Analysis Blockchain for Banking News

Analysis: SocGen FORGE Euro stablecoin listed on Bitstamp exchange

coinvertible stablecoin euro societe generale

Earlier this week, Societe Generale FORGE said its EURCV stablecoin was used to settle the purchase of a Societe Generale issued green bond. Now the stablecoin is listed on the Bitstamp cryptocurrency exchange. We noted earlier in the week that there were a few small transactions involving the exchange.

Although the bank issued EURCV (or Coinvertible) in April, its first iteration went unused. It relaunched with an optimized smart contract in October and AXA XL used it to purchase €5 million of the €10 million green bond. The stablecoin is targeted at institutions.

Hence it complies with know your customer and anti money laundering rules. Bitstamp said that deposits and withdrawals will be limited to SocGen Forge whitelisted users initially. It is globally available apart from the United States and Singapore.

Paris-based crypto market maker Flowdesk announced it was appointed by SocGen FORGE to provide liquidity for the EURCV-EUR and EURCV-USDT trading pairs on Bitstamp.
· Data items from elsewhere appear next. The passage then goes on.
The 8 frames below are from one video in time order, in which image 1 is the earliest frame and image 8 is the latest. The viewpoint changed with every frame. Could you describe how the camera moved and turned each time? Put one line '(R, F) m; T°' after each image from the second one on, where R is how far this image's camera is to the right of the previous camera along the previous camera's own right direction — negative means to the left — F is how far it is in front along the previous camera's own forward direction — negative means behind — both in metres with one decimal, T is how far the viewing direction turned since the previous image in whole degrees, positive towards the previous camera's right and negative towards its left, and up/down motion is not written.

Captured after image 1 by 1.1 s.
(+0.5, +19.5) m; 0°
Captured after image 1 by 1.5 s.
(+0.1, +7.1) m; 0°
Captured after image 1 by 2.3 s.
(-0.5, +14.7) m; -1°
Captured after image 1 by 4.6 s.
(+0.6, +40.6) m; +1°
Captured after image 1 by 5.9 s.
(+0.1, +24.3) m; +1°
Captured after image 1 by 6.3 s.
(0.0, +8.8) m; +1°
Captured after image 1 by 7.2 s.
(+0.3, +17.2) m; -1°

“We are excited to deliver innovative solutions to our institutional clients which can only be achieved by collaborating with parties that share our long-term vision and quality of services. Flowdesk has demonstrated these qualities,” said Jean-Marc Stenger, CEO of SG-FORGE.

Bank stablecoin trades against Tether!

One notable point is the trading pairs. USDT is Tether, the controversial stablecoin  that’s issued offshore. The same company that the New York Attorney General banned and fined. That was for falsely stating that its stablecoin was fully backed by reserves during a period when it was not. 
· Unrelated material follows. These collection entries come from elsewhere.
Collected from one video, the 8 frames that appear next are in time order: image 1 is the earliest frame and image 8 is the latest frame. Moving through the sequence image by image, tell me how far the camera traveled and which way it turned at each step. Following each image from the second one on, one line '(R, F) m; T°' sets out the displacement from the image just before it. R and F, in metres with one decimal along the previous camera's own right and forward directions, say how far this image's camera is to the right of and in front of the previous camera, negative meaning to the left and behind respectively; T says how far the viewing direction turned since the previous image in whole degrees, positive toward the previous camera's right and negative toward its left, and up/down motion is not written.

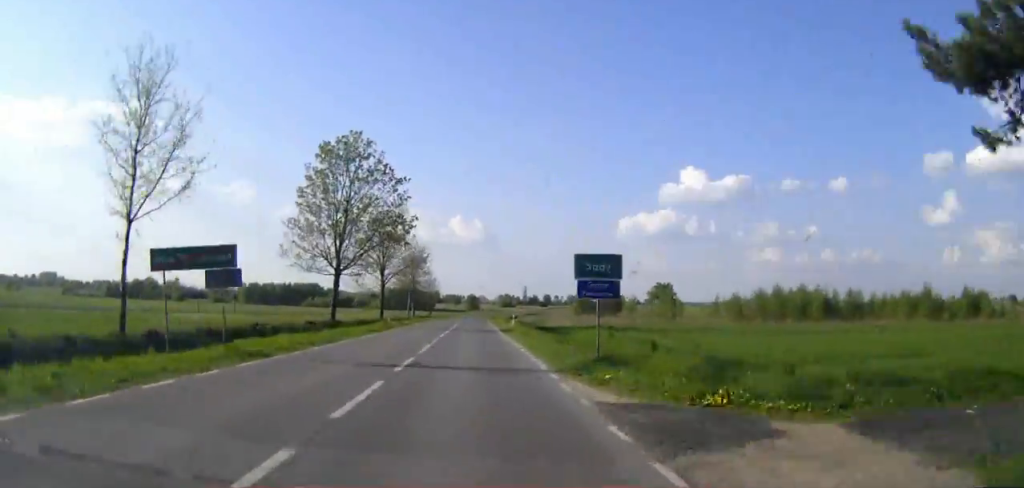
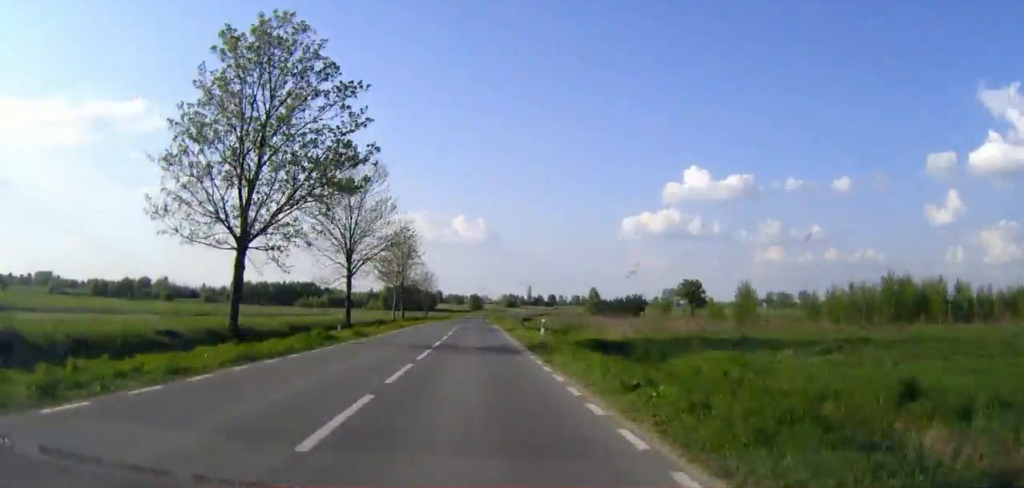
(0.0, +19.8) m; 0°
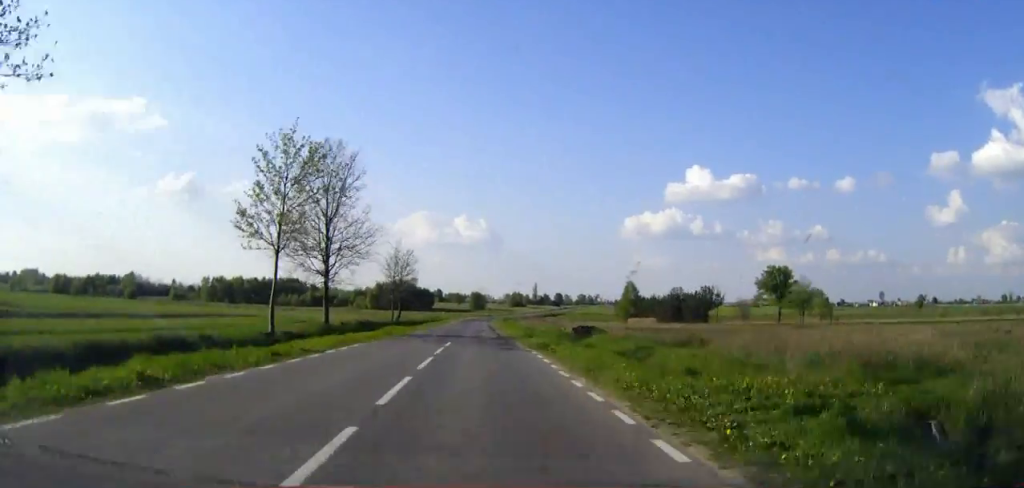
(-0.1, +44.7) m; 0°
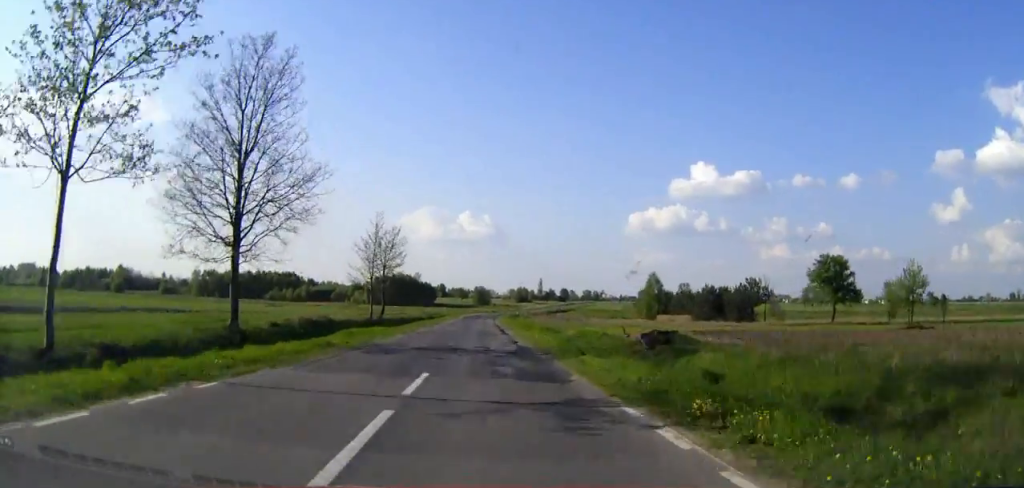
(0.0, +16.7) m; 0°
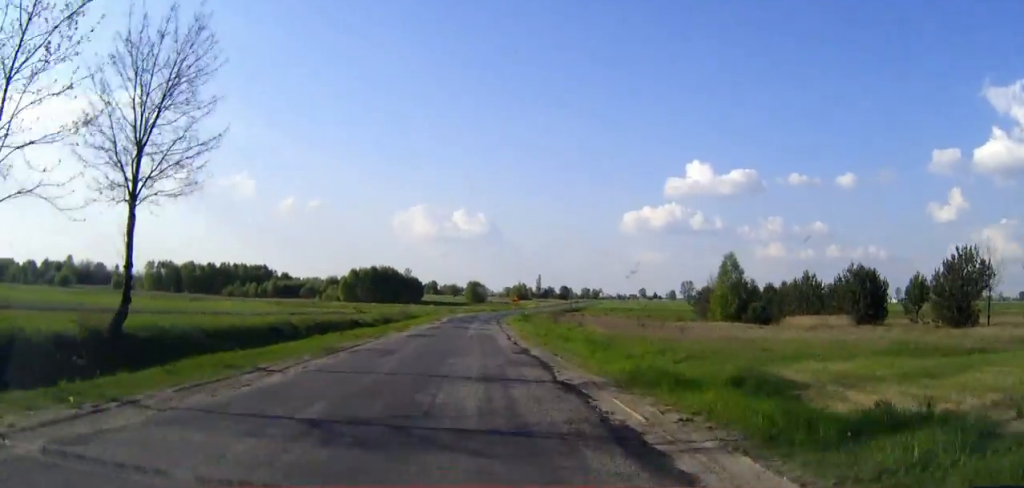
(-0.1, +44.3) m; 0°
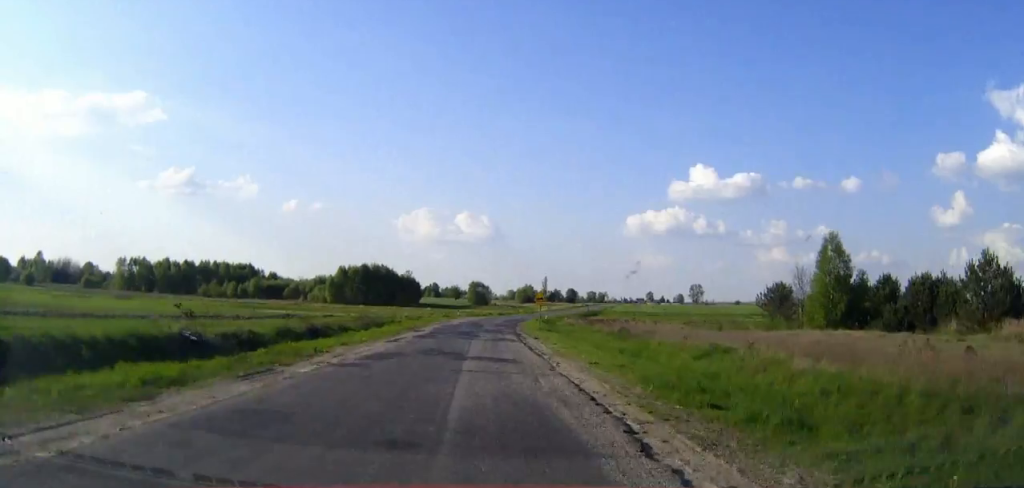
(0.0, +27.3) m; 0°
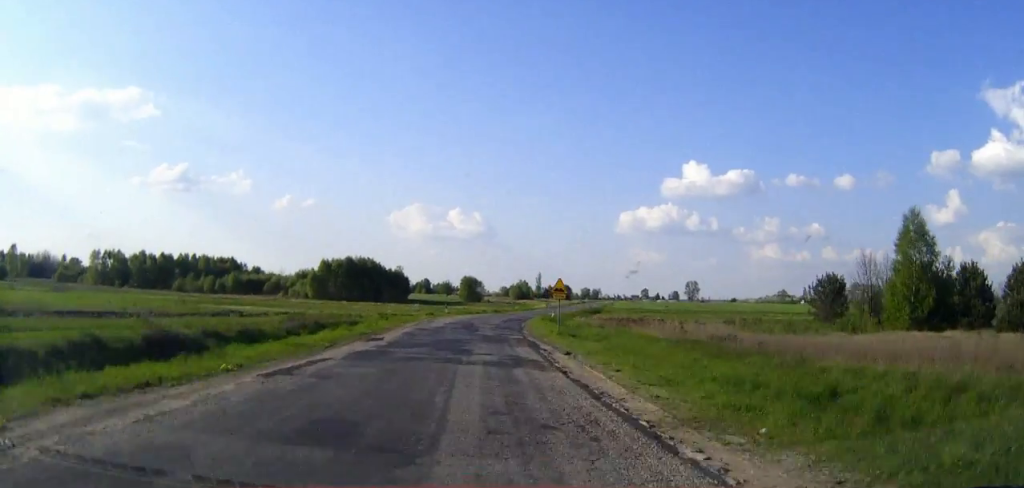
(0.0, +15.1) m; 0°
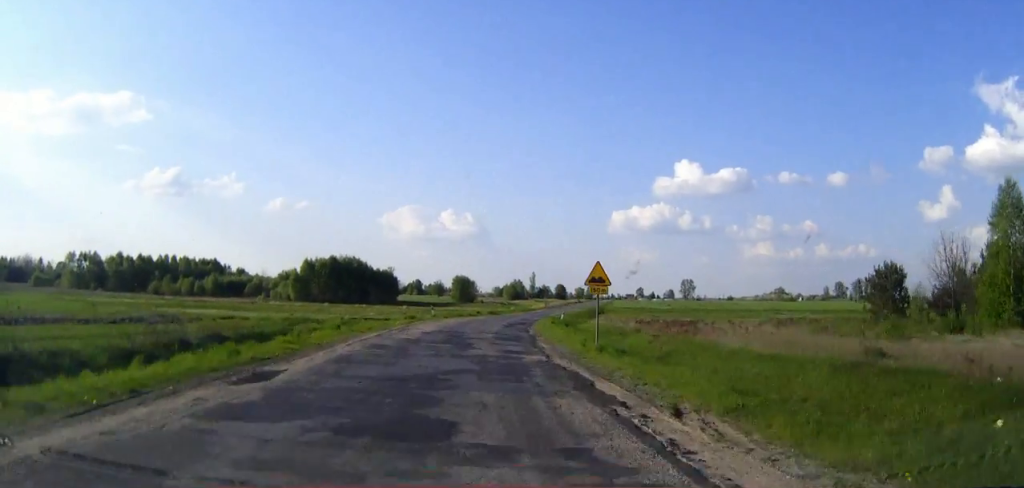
(0.0, +12.8) m; 0°

However, SocGen FORGE needs a US dollar trading pair to serve institutional investors. The obvious options would be regulated US dollar stablecoins from Paxos, PayPal or Circle (USDC). However, from a legal perspective, the issuers are all based in the United States, which creates a legal can of worms. 
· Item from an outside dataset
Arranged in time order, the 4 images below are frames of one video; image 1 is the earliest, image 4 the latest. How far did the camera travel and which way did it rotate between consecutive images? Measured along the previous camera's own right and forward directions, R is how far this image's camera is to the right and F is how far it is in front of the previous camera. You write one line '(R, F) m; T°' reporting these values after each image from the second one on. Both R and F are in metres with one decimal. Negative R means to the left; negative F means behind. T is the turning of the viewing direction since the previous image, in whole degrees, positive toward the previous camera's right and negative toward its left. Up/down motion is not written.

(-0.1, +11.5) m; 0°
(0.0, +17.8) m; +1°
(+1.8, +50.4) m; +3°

In this case, we assume the United States’ regulatory stance means the subsidiary of a global systemically important bank is indirectly engaging with a controversial offshore entity (Tether) rather than a U.S.-regulated one. Practically, from SocGen FORGE’s perspective it makes sense. But it seems a bit off.

The first listed bank stablecoin

SocGen FORGE’s stablecoin is not the first bank stablecoin by a long shot. One of the biggest stablecoins issued by a mainstream bank is Brazil’s BTG Pactual. However, when you look at the blockchain logs, all you can see for BTG Pactual’s coin are mints and burns. In other words, the actual transactions are recorded internally. That’s an easy way to comply with regulations. However, it’s not typical of stablecoins unless they’re only used on a controlled platform or exchanges. That seems to be the case for BTG Pactual’s stablecoin.